What you should do =
A single number is the answer: how many lines of the entries contain the word "outdoors"?

[Stored data entries]

------------------------------------

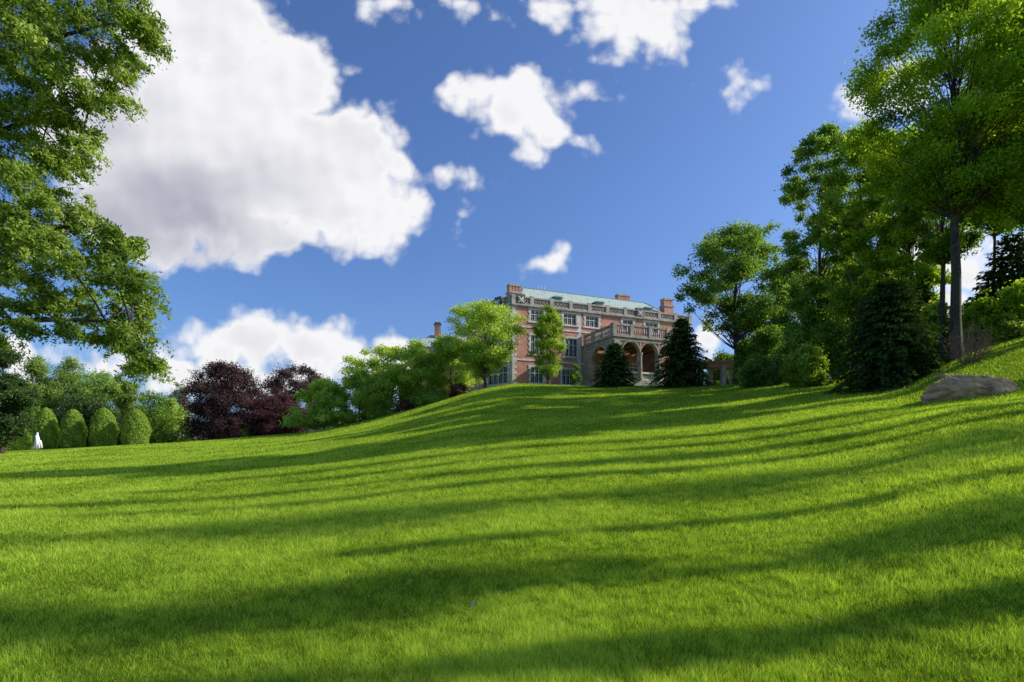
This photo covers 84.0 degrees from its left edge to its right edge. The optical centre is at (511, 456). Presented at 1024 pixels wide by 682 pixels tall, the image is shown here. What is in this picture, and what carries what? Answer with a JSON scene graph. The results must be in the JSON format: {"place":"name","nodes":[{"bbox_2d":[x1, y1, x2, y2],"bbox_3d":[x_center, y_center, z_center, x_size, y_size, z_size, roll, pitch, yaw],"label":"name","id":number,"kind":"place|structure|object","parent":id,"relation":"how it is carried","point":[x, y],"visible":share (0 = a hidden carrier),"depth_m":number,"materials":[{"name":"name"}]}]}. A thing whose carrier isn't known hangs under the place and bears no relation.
{"place":"outdoors","nodes":[
{"label":"outdoors","id":0,"kind":"place"},
{"bbox_2d":[0,336,1023,681],"bbox_3d":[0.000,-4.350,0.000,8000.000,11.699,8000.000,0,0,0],"label":"lawn","id":1,"kind":"structure","parent":0,"point":[678,468],"depth_m":6.66,"materials":[{"name":"plant"}]},
{"bbox_2d":[5,429,33,450],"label":"hedge bush","id":2,"kind":"object","parent":1,"relation":"on","point":[19,442],"visible":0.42,"depth_m":83.17,"materials":[{"name":"green plant"}]},
{"bbox_2d":[0,338,43,453],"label":"park tree","id":3,"kind":"object","parent":1,"relation":"on","point":[14,419],"visible":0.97,"depth_m":59.97,"materials":[{"name":"green plant"}]},
{"bbox_2d":[4,387,43,449],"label":"park tree","id":4,"kind":"object","parent":1,"relation":"on","point":[36,410],"visible":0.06,"depth_m":111.49,"materials":[{"name":"green plant"}]},
{"bbox_2d":[6,352,68,434],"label":"park tree","id":5,"kind":"object","parent":1,"relation":"on","point":[38,367],"visible":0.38,"depth_m":120.72,"materials":[{"name":"green plant"}]},
{"bbox_2d":[33,432,42,449],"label":"fountain","id":6,"kind":"object","parent":1,"relation":"on","point":[38,443],"visible":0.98,"depth_m":79.82,"materials":[{"name":"liquid"}]},
{"bbox_2d":[31,407,59,449],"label":"clipped evergreen","id":7,"kind":"object","parent":1,"relation":"on","point":[46,415],"visible":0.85,"depth_m":82.39,"materials":[{"name":"green plant"}]},
{"bbox_2d":[29,353,111,430],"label":"park tree","id":8,"kind":"object","parent":1,"relation":"on","point":[63,376],"visible":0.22,"depth_m":123.77,"materials":[{"name":"green plant"}]},
{"bbox_2d":[58,409,87,447],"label":"clipped evergreen","id":9,"kind":"object","parent":1,"relation":"on","point":[70,421],"visible":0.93,"depth_m":82.24,"materials":[{"name":"green plant"}]},
{"bbox_2d":[26,390,123,448],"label":"park tree","id":10,"kind":"object","parent":1,"relation":"on","point":[86,407],"visible":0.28,"depth_m":102.08,"materials":[{"name":"green plant"}]},
{"bbox_2d":[0,0,177,387],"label":"overhanging tree","id":11,"kind":"object","parent":1,"relation":"on","point":[36,35],"visible":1,"depth_m":9.96,"materials":[{"name":"green plant"}]},
{"bbox_2d":[56,366,141,446],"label":"park tree","id":12,"kind":"object","parent":1,"relation":"on","point":[101,378],"visible":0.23,"depth_m":116.38,"materials":[{"name":"green plant"}]},
{"bbox_2d":[88,408,119,446],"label":"clipped evergreen","id":13,"kind":"object","parent":1,"relation":"on","point":[109,436],"visible":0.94,"depth_m":82.19,"materials":[{"name":"green plant"}]},
{"bbox_2d":[102,378,147,444],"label":"tree","id":14,"kind":"object","parent":1,"relation":"on","point":[124,402],"visible":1,"depth_m":99.03,"materials":[{"name":"plant"}]},
{"bbox_2d":[120,409,152,444],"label":"clipped evergreen","id":15,"kind":"object","parent":1,"relation":"on","point":[137,416],"visible":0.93,"depth_m":82.05,"materials":[{"name":"green plant"}]},
{"bbox_2d":[112,387,189,444],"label":"park tree","id":16,"kind":"object","parent":1,"relation":"on","point":[159,428],"visible":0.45,"depth_m":110.40,"materials":[{"name":"green plant"}]},
{"bbox_2d":[152,396,196,442],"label":"park tree","id":17,"kind":"object","parent":1,"relation":"on","point":[171,403],"visible":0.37,"depth_m":113.28,"materials":[{"name":"green plant"}]},
{"bbox_2d":[165,383,197,440],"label":"tree","id":18,"kind":"object","parent":1,"relation":"on","point":[177,395],"visible":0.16,"depth_m":127.28,"materials":[{"name":"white plant"}]},
{"bbox_2d":[175,357,274,440],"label":"copper beech","id":19,"kind":"object","parent":1,"relation":"on","point":[216,403],"visible":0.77,"depth_m":101.01,"materials":[{"name":"purple plant"}]},
{"bbox_2d":[240,423,255,437],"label":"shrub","id":20,"kind":"object","parent":1,"relation":"on","point":[244,432],"visible":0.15,"depth_m":96.98,"materials":[{"name":"green plant"}]},
{"bbox_2d":[236,390,310,435],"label":"copper beech","id":21,"kind":"object","parent":1,"relation":"on","point":[260,420],"visible":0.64,"depth_m":93.01,"materials":[{"name":"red plant"}]},
{"bbox_2d":[260,360,334,433],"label":"copper beech","id":22,"kind":"object","parent":1,"relation":"on","point":[278,382],"visible":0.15,"depth_m":114.62,"materials":[{"name":"purple plant"}]},
{"bbox_2d":[278,376,360,430],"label":"tree","id":23,"kind":"object","parent":1,"relation":"on","point":[322,390],"visible":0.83,"depth_m":75.36,"materials":[{"name":"green plant"}]},
{"bbox_2d":[331,371,396,424],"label":"flowering tree","id":24,"kind":"object","parent":1,"relation":"on","point":[347,385],"visible":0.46,"depth_m":75.85,"materials":[{"name":"green plant"}]},
{"bbox_2d":[360,400,394,418],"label":"shrub","id":25,"kind":"object","parent":1,"relation":"on","point":[383,410],"visible":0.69,"depth_m":74.64,"materials":[{"name":"green plant"}]},
{"bbox_2d":[338,340,420,409],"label":"flowering tree","id":26,"kind":"object","parent":1,"relation":"on","point":[383,390],"visible":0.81,"depth_m":75.03,"materials":[{"name":"green plant"}]},
{"bbox_2d":[395,398,414,412],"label":"shrub","id":27,"kind":"object","parent":1,"relation":"on","point":[405,404],"visible":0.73,"depth_m":73.90,"materials":[{"name":"orange plant"}]},
{"bbox_2d":[375,337,455,406],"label":"flowering tree","id":28,"kind":"object","parent":1,"relation":"on","point":[408,357],"visible":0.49,"depth_m":75.46,"materials":[{"name":"green plant"}]},
{"bbox_2d":[410,387,448,407],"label":"shrub","id":29,"kind":"object","parent":1,"relation":"on","point":[428,396],"visible":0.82,"depth_m":73.88,"materials":[{"name":"green plant"}]},
{"bbox_2d":[409,322,466,391],"bbox_3d":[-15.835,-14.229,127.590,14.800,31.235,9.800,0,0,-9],"label":"house","id":30,"kind":"structure","parent":1,"relation":"on","point":[430,338],"depth_m":125.36,"materials":[{"name":"brick"}]},
{"bbox_2d":[411,331,487,397],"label":"flowering tree","id":31,"kind":"object","parent":1,"relation":"on","point":[443,349],"visible":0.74,"depth_m":75.03,"materials":[{"name":"green plant"}]},
{"bbox_2d":[448,382,468,396],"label":"shrub","id":32,"kind":"object","parent":1,"relation":"on","point":[457,389],"visible":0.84,"depth_m":72.33,"materials":[{"name":"orange plant"}]},
{"bbox_2d":[443,297,529,387],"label":"maple tree","id":33,"kind":"object","parent":1,"relation":"on","point":[494,315],"visible":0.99,"depth_m":72.97,"materials":[{"name":"green plant"}]},
{"bbox_2d":[527,303,567,383],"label":"young tree","id":34,"kind":"object","parent":1,"relation":"on","point":[547,331],"visible":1,"depth_m":74.05,"materials":[{"name":"green plant"}]},
{"bbox_2d":[568,365,581,385],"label":"shrub","id":35,"kind":"object","parent":1,"relation":"on","point":[574,373],"visible":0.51,"depth_m":79.90,"materials":[{"name":"green plant"}]},
{"bbox_2d":[466,283,692,391],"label":"mansion","id":36,"kind":"structure","parent":1,"relation":"on","point":[594,327],"depth_m":88.55,"materials":[{"name":"brick"}]},
{"bbox_2d":[489,336,505,357],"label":"window","id":37,"kind":"structure","parent":36,"relation":"in","point":[491,336],"depth_m":87.20,"materials":[{"name":"stone"}]},
{"bbox_2d":[487,364,509,386],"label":"window","id":38,"kind":"structure","parent":36,"relation":"in","point":[502,377],"depth_m":87.14,"materials":[{"name":"glass"}]},
{"bbox_2d":[528,308,544,322],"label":"window","id":39,"kind":"structure","parent":36,"relation":"in","point":[531,311],"depth_m":86.50,"materials":[{"name":"stone"}]},
{"bbox_2d":[528,333,544,355],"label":"window","id":40,"kind":"structure","parent":36,"relation":"in","point":[531,338],"depth_m":86.50,"materials":[{"name":"stone"}]},
{"bbox_2d":[528,365,545,384],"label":"window","id":41,"kind":"structure","parent":36,"relation":"in","point":[534,377],"depth_m":86.61,"materials":[{"name":"glass"}]},
{"bbox_2d":[560,367,574,385],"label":"window","id":42,"kind":"structure","parent":36,"relation":"in","point":[565,380],"depth_m":88.64,"materials":[{"name":"glass"}]},
{"bbox_2d":[561,311,579,326],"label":"window","id":43,"kind":"structure","parent":36,"relation":"in","point":[570,320],"depth_m":88.88,"materials":[{"name":"stone"}]},
{"bbox_2d":[562,336,580,358],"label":"window","id":44,"kind":"structure","parent":36,"relation":"in","point":[571,350],"depth_m":89.03,"materials":[{"name":"glass"}]},
{"bbox_2d":[583,314,600,328],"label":"window","id":45,"kind":"structure","parent":36,"relation":"in","point":[593,322],"depth_m":90.37,"materials":[{"name":"stone"}]},
{"bbox_2d":[620,318,634,331],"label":"window","id":46,"kind":"structure","parent":36,"relation":"in","point":[623,320],"depth_m":92.81,"materials":[{"name":"stone"}]},
{"bbox_2d":[626,363,636,375],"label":"window","id":47,"kind":"structure","parent":36,"relation":"in","point":[635,364],"depth_m":93.33,"materials":[{"name":"glass"}]},
{"bbox_2d":[643,320,659,334],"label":"window","id":48,"kind":"structure","parent":36,"relation":"in","point":[651,323],"depth_m":94.67,"materials":[{"name":"stone"}]},
{"bbox_2d":[589,342,642,387],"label":"spruce tree","id":49,"kind":"object","parent":1,"relation":"on","point":[615,372],"visible":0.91,"depth_m":67.13,"materials":[{"name":"green plant"}]},
{"bbox_2d":[646,318,715,388],"bbox_3d":[18.589,-10.991,63.196,7.653,8.829,7.588,0,0,0],"label":"spruce tree","id":50,"kind":"object","parent":1,"relation":"on","point":[680,365],"visible":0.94,"depth_m":62.06,"materials":[{"name":"green plant"}]},
{"bbox_2d":[697,359,733,385],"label":"pergola","id":51,"kind":"object","parent":1,"relation":"on","point":[722,366],"visible":0.41,"depth_m":66.51,"materials":[{"name":"stone"}]},
{"bbox_2d":[705,349,733,384],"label":"shrub","id":52,"kind":"object","parent":1,"relation":"on","point":[724,356],"visible":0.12,"depth_m":74.91,"materials":[{"name":"green plant"}]},
{"bbox_2d":[671,215,807,381],"bbox_3d":[24.710,-16.681,62.778,14.795,19.516,14.308,0,0,0],"label":"oak tree","id":53,"kind":"object","parent":1,"relation":"on","point":[739,310],"visible":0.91,"depth_m":60.95,"materials":[{"name":"green plant"}]},
{"bbox_2d":[730,337,753,384],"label":"shrub","id":54,"kind":"object","parent":1,"relation":"on","point":[738,362],"visible":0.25,"depth_m":59.69,"materials":[{"name":"green plant"}]},
{"bbox_2d":[733,351,783,387],"bbox_3d":[22.804,-7.786,51.909,3.826,3.688,4.482,0,0,-41],"label":"shrub","id":55,"kind":"object","parent":1,"relation":"on","point":[758,370],"visible":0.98,"depth_m":51.29,"materials":[{"name":"green plant"}]},
{"bbox_2d":[732,324,787,384],"bbox_3d":[25.640,-9.934,56.907,6.295,7.045,6.805,0,0,0],"label":"shrub","id":56,"kind":"object","parent":1,"relation":"on","point":[762,339],"visible":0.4,"depth_m":56.19,"materials":[{"name":"green plant"}]},
{"bbox_2d":[759,267,806,347],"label":"broadleaf tree","id":57,"kind":"object","parent":1,"relation":"on","point":[787,317],"visible":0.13,"depth_m":68.33,"materials":[{"name":"green plant"}]},
{"bbox_2d":[768,321,824,383],"bbox_3d":[26.507,-9.470,52.118,7.359,6.709,5.270,0,0,-35],"label":"shrub","id":58,"kind":"object","parent":1,"relation":"on","point":[796,337],"visible":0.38,"depth_m":51.44,"materials":[{"name":"green plant"}]},
{"bbox_2d":[779,343,835,387],"bbox_3d":[22.846,-6.838,44.122,3.726,3.910,4.050,0,0,-28],"label":"shrub","id":59,"kind":"object","parent":1,"relation":"on","point":[805,369],"visible":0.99,"depth_m":43.27,"materials":[{"name":"green plant"}]},
{"bbox_2d":[773,120,872,349],"bbox_3d":[28.133,-18.407,51.751,8.630,24.410,8.632,0,0,0],"label":"broadleaf tree","id":60,"kind":"object","parent":1,"relation":"on","point":[810,310],"visible":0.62,"depth_m":51.33,"materials":[{"name":"green plant"}]},
{"bbox_2d":[792,250,877,368],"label":"broadleaf tree","id":61,"kind":"object","parent":1,"relation":"on","point":[840,281],"depth_m":65.56,"materials":[{"name":"green plant"}]},
{"bbox_2d":[808,317,865,379],"bbox_3d":[26.006,-8.406,46.097,5.480,5.550,5.179,0,0,0],"label":"shrub","id":62,"kind":"object","parent":1,"relation":"on","point":[830,336],"visible":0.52,"depth_m":45.06,"materials":[{"name":"green plant"}]},
{"bbox_2d":[807,114,925,336],"bbox_3d":[28.832,-17.007,46.970,8.715,21.934,8.378,0,0,0],"label":"broadleaf tree","id":63,"kind":"object","parent":1,"relation":"on","point":[845,294],"visible":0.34,"depth_m":47.03,"materials":[{"name":"green plant"}]},
{"bbox_2d":[821,278,948,394],"bbox_3d":[21.800,-6.338,33.097,6.516,7.693,6.725,0,0,-40],"label":"spruce tree","id":64,"kind":"object","parent":1,"relation":"on","point":[890,340],"visible":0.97,"depth_m":32.09,"materials":[{"name":"green plant"}]},
{"bbox_2d":[841,122,961,316],"bbox_3d":[29.328,-15.174,42.298,8.091,18.299,7.887,0,0,0],"label":"broadleaf tree","id":65,"kind":"object","parent":1,"relation":"on","point":[874,263],"visible":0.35,"depth_m":42.54,"materials":[{"name":"green plant"}]},
{"bbox_2d":[907,268,938,361],"bbox_3d":[29.028,-9.565,39.916,3.596,7.593,3.530,0,0,0],"label":"tree","id":66,"kind":"object","parent":1,"relation":"on","point":[928,296],"visible":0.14,"depth_m":39.67,"materials":[{"name":"green plant"}]},
{"bbox_2d":[836,0,1023,361],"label":"tulip tree","id":67,"kind":"object","parent":1,"relation":"on","point":[946,19],"visible":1,"depth_m":29.91,"materials":[{"name":"green plant"}]},
{"bbox_2d":[878,116,1000,355],"bbox_3d":[27.207,-14.097,36.082,5.856,16.269,6.652,0,0,-24],"label":"broadleaf tree","id":68,"kind":"object","parent":1,"relation":"on","point":[937,251],"visible":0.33,"depth_m":35.89,"materials":[{"name":"green plant"}]},
{"bbox_2d":[915,299,966,359],"bbox_3d":[27.717,-8.021,36.939,3.530,4.426,3.888,0,0,0],"label":"shrub","id":69,"kind":"object","parent":1,"relation":"on","point":[934,305],"visible":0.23,"depth_m":36.46,"materials":[{"name":"green plant"}]},
{"bbox_2d":[934,373,952,379],"bbox_3d":[21.029,-3.853,27.622,0.887,0.397,0.839,0,0,38],"label":"boulder","id":70,"kind":"object","parent":1,"relation":"on","point":[939,376],"visible":0.52,"depth_m":27.45,"materials":[{"name":"grey stone"}]},
{"bbox_2d":[936,312,997,363],"bbox_3d":[22.795,-5.949,28.497,2.345,2.674,2.238,0,0,0],"label":"bare shrub","id":71,"kind":"object","parent":1,"relation":"on","point":[976,353],"visible":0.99,"depth_m":28.30,"materials":[{"name":"brown plant"}]},
{"bbox_2d":[920,374,1018,402],"bbox_3d":[18.808,-2.454,23.162,3.718,1.790,2.766,0,0,27],"label":"boulder","id":72,"kind":"object","parent":1,"relation":"on","point":[957,386],"visible":0.47,"depth_m":22.42,"materials":[{"name":"grey stone"}]},
{"bbox_2d":[962,287,996,346],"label":"broadleaf tree","id":73,"kind":"object","parent":1,"relation":"on","point":[967,302],"visible":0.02,"depth_m":57.63,"materials":[{"name":"green plant"}]},
{"bbox_2d":[951,13,1023,239],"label":"tulip tree","id":74,"kind":"object","parent":1,"relation":"on","point":[1005,203],"visible":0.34,"depth_m":30.57,"materials":[{"name":"green plant"}]},
{"bbox_2d":[962,292,1018,348],"bbox_3d":[27.813,-7.946,33.287,3.473,3.708,3.298,0,0,0],"label":"shrub","id":75,"kind":"object","parent":1,"relation":"on","point":[984,308],"visible":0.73,"depth_m":32.86,"materials":[{"name":"green plant"}]},
{"bbox_2d":[959,108,1023,290],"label":"broadleaf tree","id":76,"kind":"object","parent":1,"relation":"on","point":[987,228],"visible":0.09,"depth_m":41.89,"materials":[{"name":"green plant"}]},
{"bbox_2d":[962,232,1023,307],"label":"pine tree","id":77,"kind":"object","parent":1,"relation":"on","point":[1002,263],"visible":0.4,"depth_m":35.87,"materials":[{"name":"green plant"}]},
{"bbox_2d":[981,309,1023,342],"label":"shrub","id":78,"kind":"object","parent":1,"relation":"on","point":[1013,325],"visible":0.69,"depth_m":31.90,"materials":[{"name":"green plant"}]},
{"bbox_2d":[994,277,1023,336],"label":"shrub","id":79,"kind":"object","parent":1,"relation":"on","point":[1013,295],"visible":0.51,"depth_m":32.72,"materials":[{"name":"green plant"}]},
{"bbox_2d":[0,0,1023,438],"label":"sky","id":80,"kind":"structure","parent":0,"point":[314,183],"materials":[{"name":"blue"}]}
]}

------------------------------------

Answer to the problem =
2